Comparison of absorption spectra of planar silicon with 4n² absorption limit for different light trapping configurations shown in Figure 2 such as (a) grating-free cell, (b) front-grating cell, (c) rear-grating cell, and (d) dual-grating cell using the optimized grating parameter for 2 μm silicon; (e) Comparison of J_SC of planar cell for different light trapping configurations shown in Figure 2 with respect to silicon thickness using optimized grating parameters for 2 μm silicon; (f) J_SC of the cell for a particular thickness of 2 μm for four different configurations.

Figure 6

(a) Absorption spectra of the dual-grating cell (c-Si thickness = 2 μm) and (b) corresponding J_SC of the cell as a function of angle of incidence (AoI) in the range 0°–85° in steps of 5° (inset shows the J_SC of grating-free cell for p- and s-polarization and its average).

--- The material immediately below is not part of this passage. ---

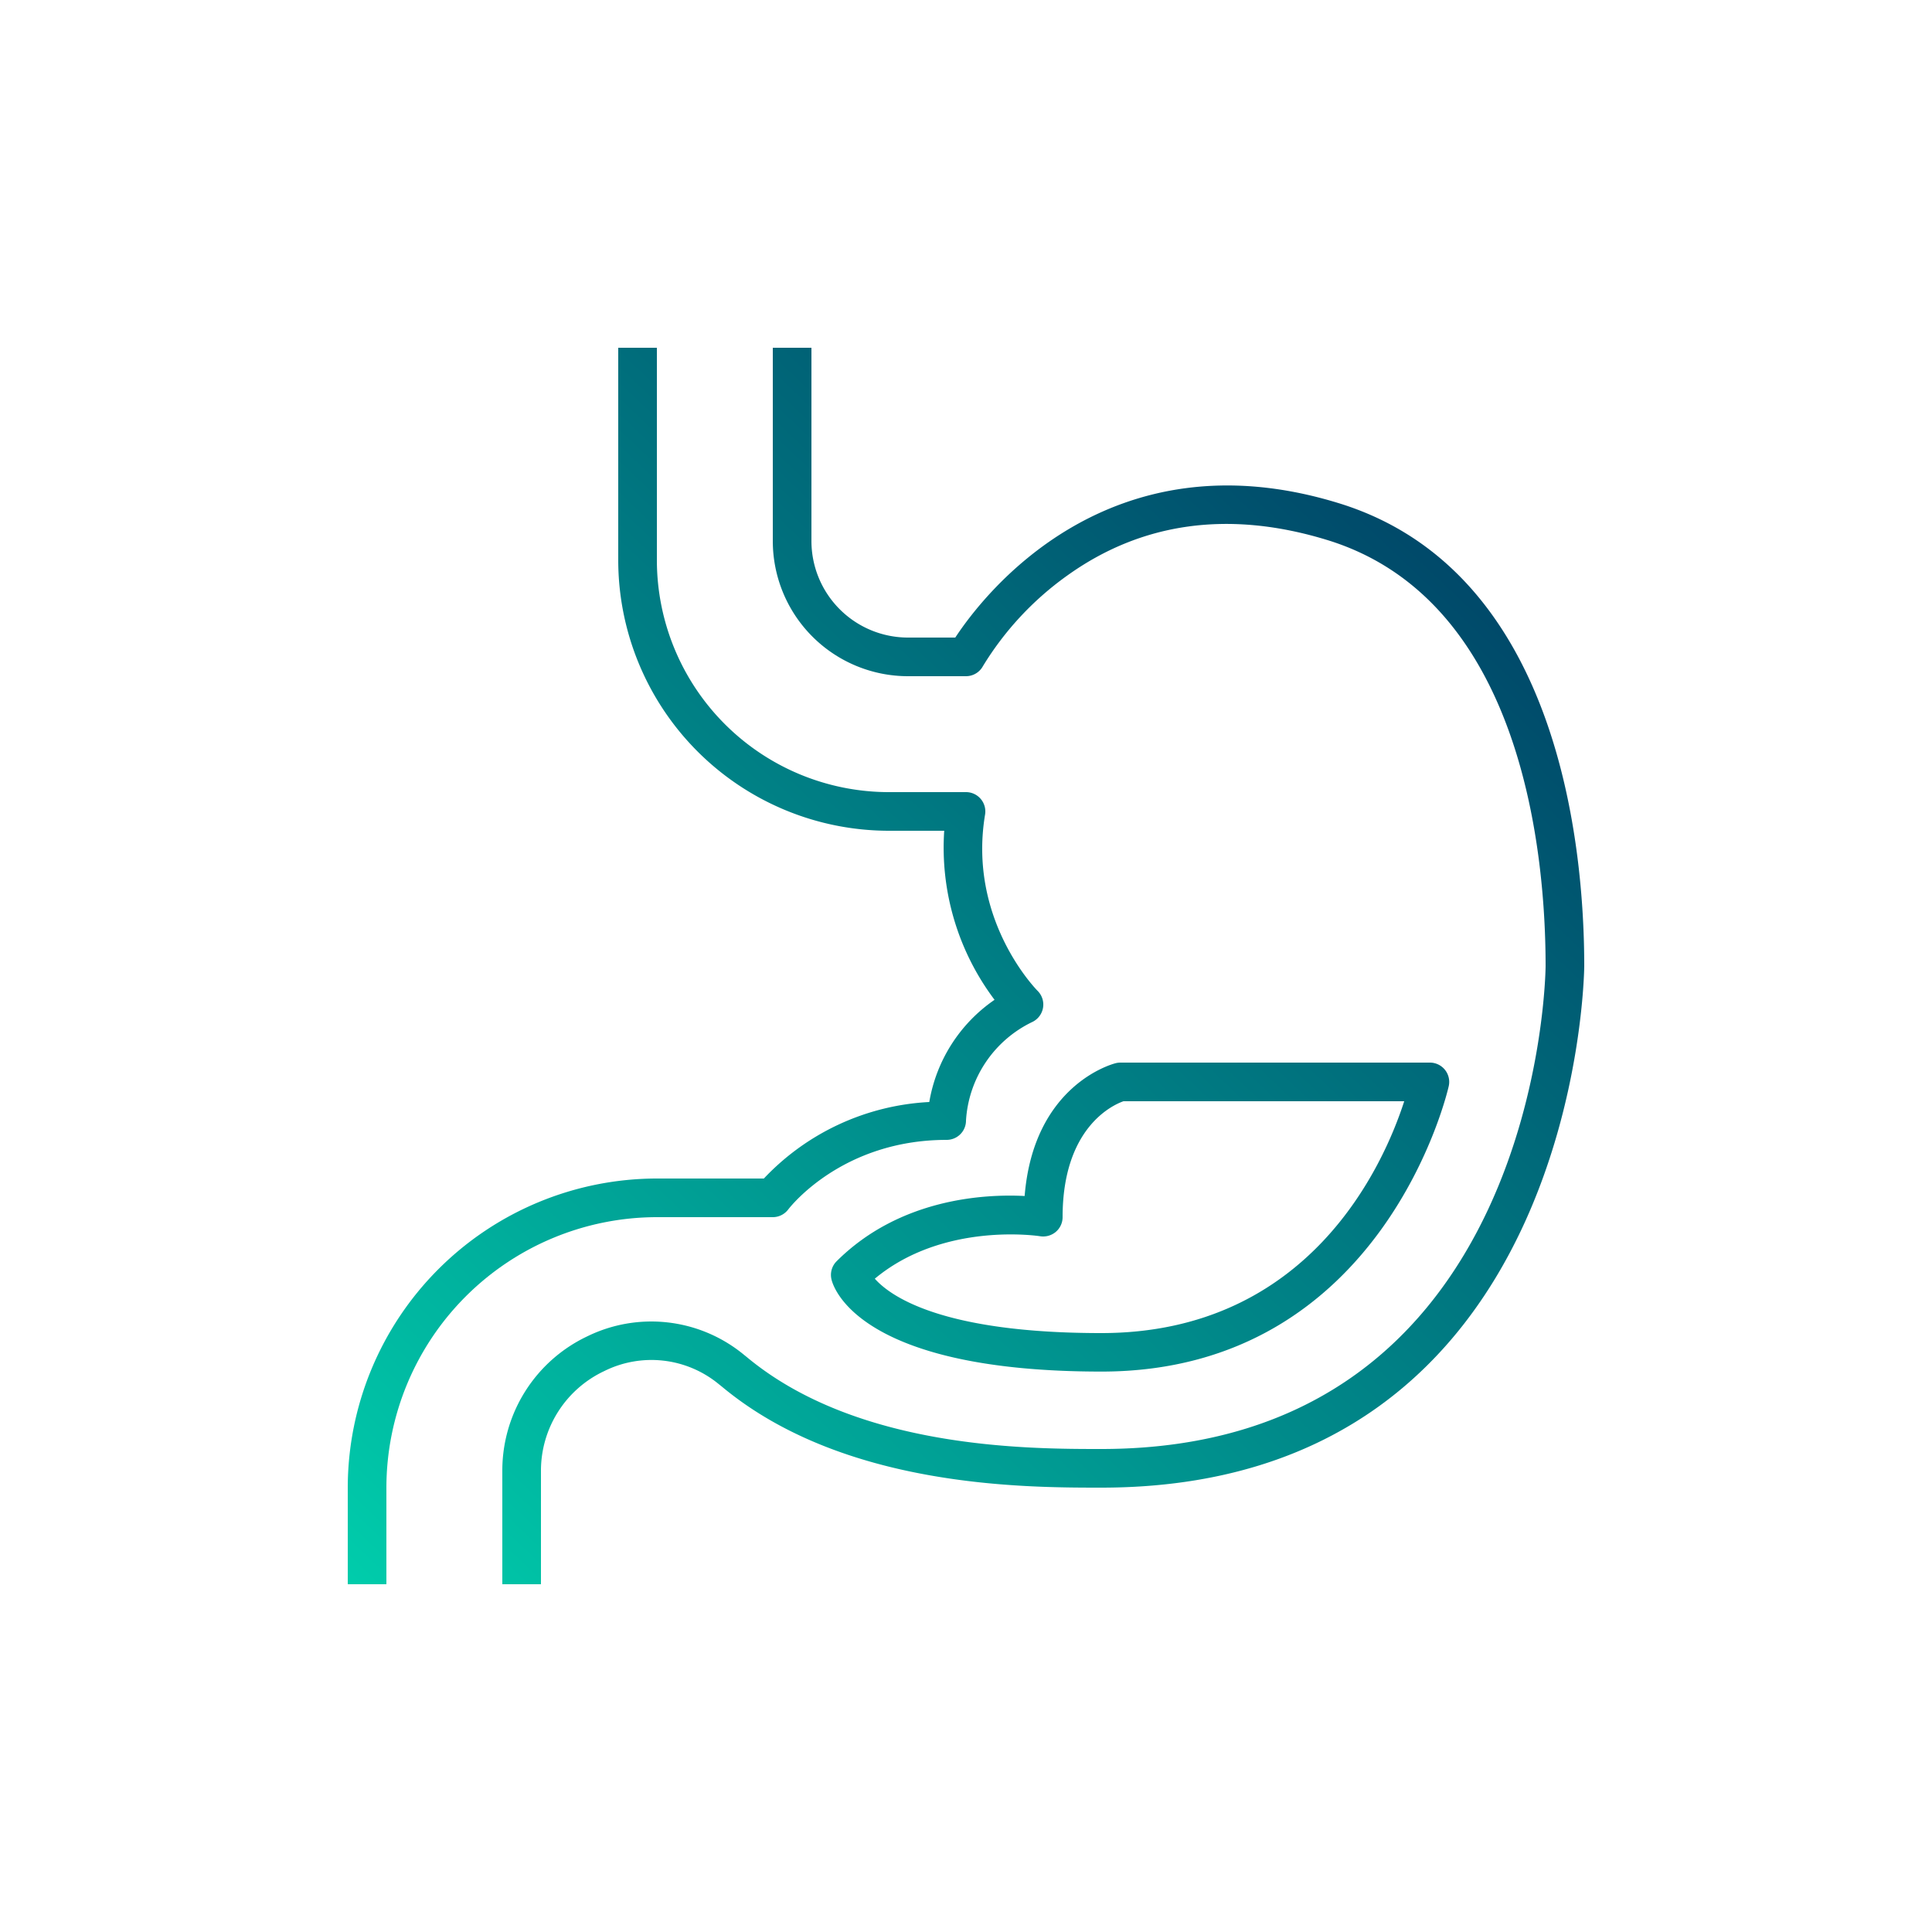 <svg id="Capa_1" data-name="Capa 1" xmlns="http://www.w3.org/2000/svg" xmlns:xlink="http://www.w3.org/1999/xlink" viewBox="0 0 400 400"><defs><style>.cls-1{fill:url(#Degradado_sin_nombre_8);}.cls-2{fill:url(#Degradado_sin_nombre_8-2);}.cls-3{fill:url(#Degradado_sin_nombre_8-3);}</style><linearGradient id="Degradado_sin_nombre_8" x1="21.07" y1="395.22" x2="355.37" y2="42.85" gradientUnits="userSpaceOnUse"><stop offset="0" stop-color="#00f0bd"/><stop offset="1" stop-color="#002256"/></linearGradient><linearGradient id="Degradado_sin_nombre_8-2" x1="-24.76" y1="351.75" x2="309.55" y2="-0.63" xlink:href="#Degradado_sin_nombre_8"/><linearGradient id="Degradado_sin_nombre_8-3" x1="62.47" y1="434.5" x2="396.77" y2="82.12" xlink:href="#Degradado_sin_nombre_8"/></defs><path class="cls-1" d="M277.18,104.18c-47.73-14.7-73.55,18.93-79.4,27.82H188a20,20,0,0,1-20-20V72h-8v40a28,28,0,0,0,28,28h12a4,4,0,0,0,3.51-2.09,63.83,63.83,0,0,1,17.33-18.66c15.52-11.17,33.69-13.67,54-7.43C315.6,124.37,320,177.67,320,200c0,1-1.05,100-92,100-15.13,0-50.55,0-73.43-19.07l-.79-.64a30.14,30.14,0,0,0-32.16-3.63A30.74,30.74,0,0,0,104,304.57V328h8V304.57a22.79,22.79,0,0,1,13.08-20.69,21.92,21.92,0,0,1,23.71,2.67l.65.52C174.55,308,212,308,228,308c98.86,0,100-106.92,100-108C328,175.89,323.05,118.29,277.18,104.18Z"/><path class="cls-2" d="M160,252a4,4,0,0,0,3.19-1.59c.45-.59,11.24-14.41,32.81-14.41a4,4,0,0,0,4-4,24.28,24.28,0,0,1,13.79-20.44,4,4,0,0,0,1.05-6.4c-.6-.6-14.49-15-10.89-36.52A4,4,0,0,0,200,164H184a48.05,48.05,0,0,1-48-48V72h-8v44a56.06,56.06,0,0,0,56,56h11.49A52.42,52.42,0,0,0,205.91,207a32.16,32.16,0,0,0-13.51,21.16A50.66,50.66,0,0,0,158.15,244H136a64.07,64.07,0,0,0-64,64v20h8V308a56.06,56.06,0,0,1,56-56Z"/><path class="cls-3" d="M173.17,261.17a4,4,0,0,0-1,3.8c.49,1.95,6.19,19,55.88,19,58.55,0,71.79-58.57,71.91-59.16A4,4,0,0,0,296,220H232a4,4,0,0,0-1,.12c-.73.18-17,4.52-18.86,27.5C204,247.19,186.29,248.05,173.17,261.17Zm45.42-6.12A4,4,0,0,0,220,252c0-18.6,10.44-23.24,12.6-24h58.13c-4.24,13.12-19.58,48-62.73,48-33,0-43.66-7.63-46.88-11.26,14.24-11.87,34-8.83,34.22-8.79A4.07,4.07,0,0,0,218.59,255.05Z"/></svg>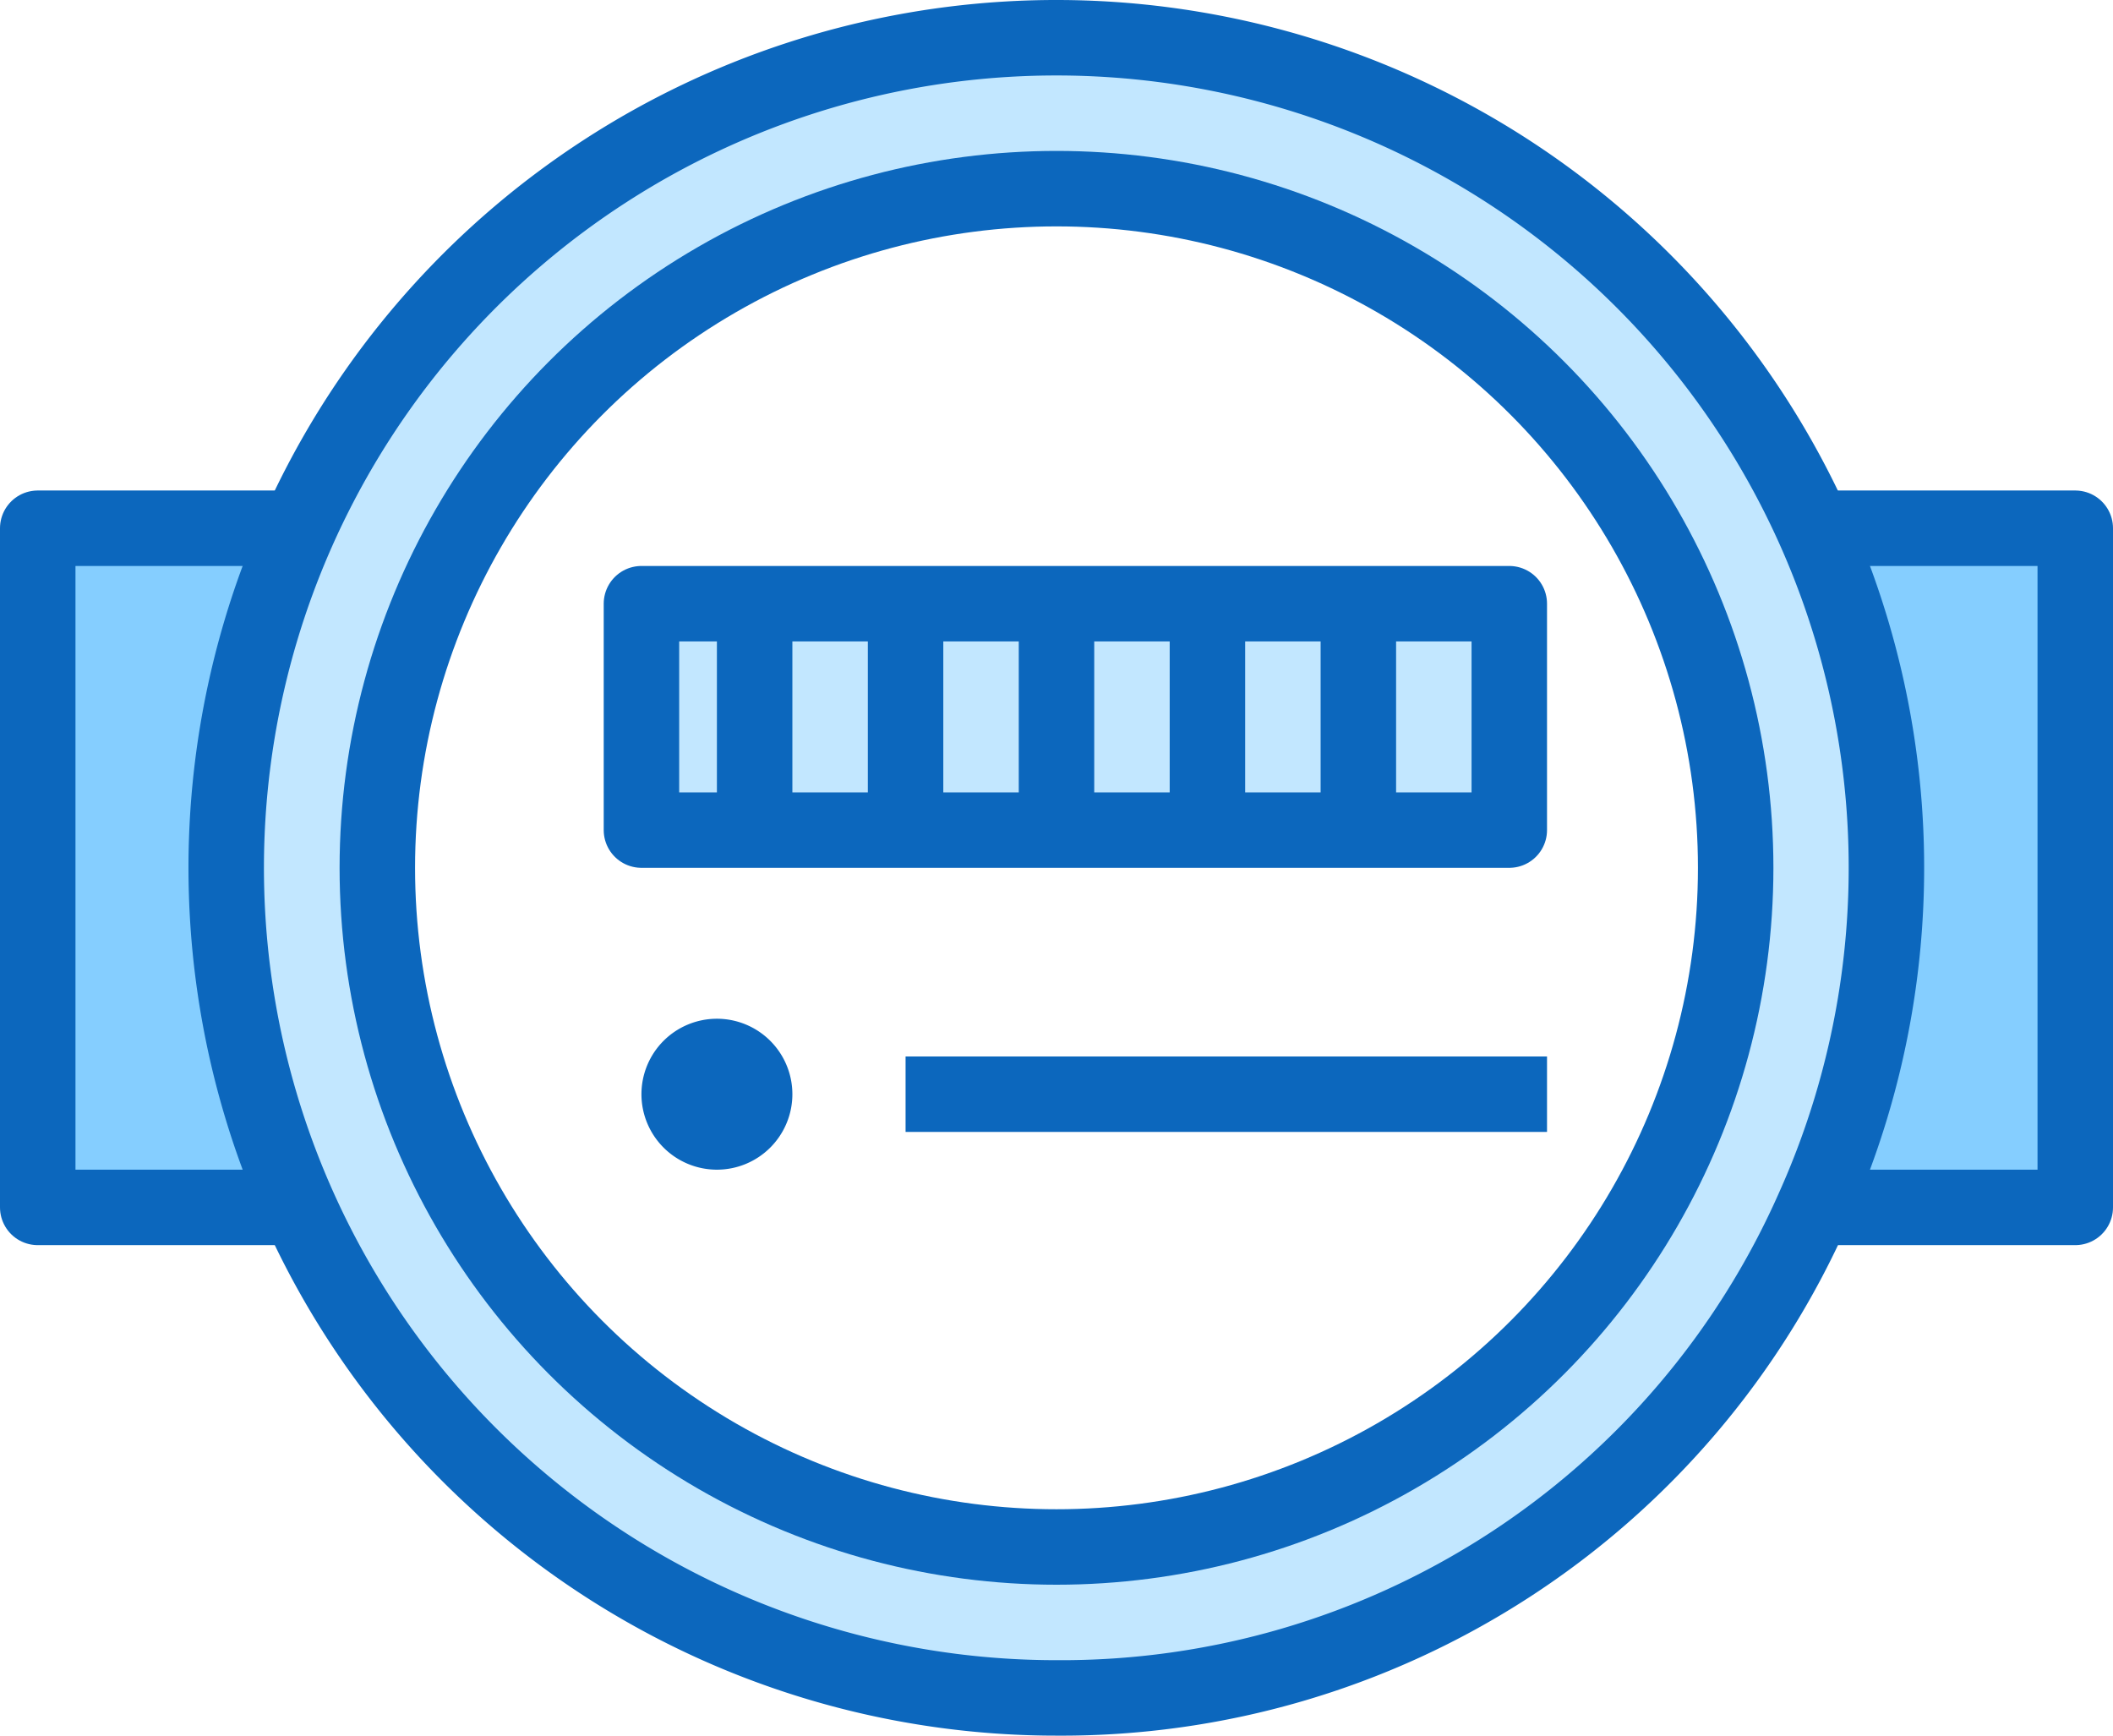 <svg id="Icons" xmlns="http://www.w3.org/2000/svg" viewBox="0 0 56 46"><defs><style>.cls-1{fill:#c2e7ff;}.cls-2{fill:#85ceff;}.cls-3{fill:#0c67bd;}.cls-4{fill:none;stroke:#0c67bd;stroke-linejoin:round;stroke-width:2px;}</style></defs><title>submetering</title><g id="_Group_" data-name="&lt;Group&gt;"><rect class="cls-1" x="36" y="16" width="4" height="6"/><rect class="cls-1" x="32" y="16" width="4" height="6"/><rect class="cls-1" x="28" y="16" width="4" height="6"/><rect class="cls-1" x="24" y="16" width="4" height="6"/><rect class="cls-1" x="20" y="16" width="4" height="6"/><rect class="cls-1" x="17" y="16" width="3" height="6"/><path class="cls-2" d="M253,231h6.93a21.95,21.95,0,0,0,0,18H253V231Z" transform="translate(-252 -217)"/><path class="cls-2" d="M307,231v18h-6.93a22,22,0,0,0,0-18H307Z" transform="translate(-252 -217)"/><path class="cls-1" d="M300.07,231A22,22,0,1,1,280,218,21.79,21.79,0,0,1,300.07,231ZM298,240a18,18,0,1,0-18,18A18,18,0,0,0,298,240Z" transform="translate(-252 -217)"/><path class="cls-3" d="M271,244a2,2,0,1,1-2,2A2,2,0,0,1,271,244Z" transform="translate(-252 -217)"/><path class="cls-4" d="M300.07,249A22,22,0,1,0,280,262,21.79,21.79,0,0,0,300.07,249Z" transform="translate(-252 -217)"/><circle class="cls-4" cx="28" cy="23" r="18"/><polygon class="cls-4" points="36 16 40 16 40 22 36 22 32 22 28 22 24 22 20 22 17 22 17 16 20 16 24 16 28 16 32 16 36 16"/><line class="cls-4" x1="28" y1="16" x2="28" y2="22"/><line class="cls-4" x1="32" y1="16" x2="32" y2="22"/><line class="cls-4" x1="36" y1="16" x2="36" y2="22"/><line class="cls-4" x1="20" y1="16" x2="20" y2="22"/><line class="cls-4" x1="24" y1="16" x2="24" y2="22"/><line class="cls-4" x1="24" y1="29" x2="41" y2="29"/><polyline class="cls-4" points="48.07 14 55 14 55 32 48.07 32"/><polyline class="cls-4" points="7.93 32 1 32 1 14 7.93 14"/></g></svg>

The average absorption is more than 80% over a wide wavelength band. J_SC is independent of polarization and is less influenced until the AoI reaches 70°, showing the omni-directionality of the nanocone grating structures.

Figure 7

Electric field intensity distribution across the silicon absorber layer at an incident wavelength of (a) 500 nm and (b) 700 nm for the dual-grating cell with optimized parameters for the front and rear nano-cone arrays. The incident electric field intensity is normalized to 1.

Figure 8

Comparison of the simulated short-circuit photo-current J_SC as a function of the thickness of the Si absorber layer in the real-space method utilizing only the absorption in the Si layer, compared to the Fourier space method which includes the absorption in all layers. The difference between the real-space and Fourier space results is the parasitic absorption. The Lambertian limit is shown for comparison.

Figure 9

Schematic of the TiO₂ nanoimprinting process. (1) TiO₂ film is spin-coated on silicon substrate using a precursor titanium diisopropoxide bis(acetylacetonate); (2) The polydimethylsiloxane (PDMS) stamp having nanocups is placed on the spin-coated film with patterned side facing the film. The whole assembly is sandwiched between two glass slides and held together with binder clips (not shown here); (3) After keeping at ~170 °C for 15 min, the binder clips are released to reveal the inverse of PDMS nanocups on the TiO₂ film.

Figure 10

(a) Atomic force microscopy (AFM) image of the periodic array of nanocones imprinted on TiO₂ film. The AFM line scan shows the periodicity at ~750 nm and the average height of nanocones at ~35 nm; (b) Three-dimensional view of the structure showing titania nanocone arrays.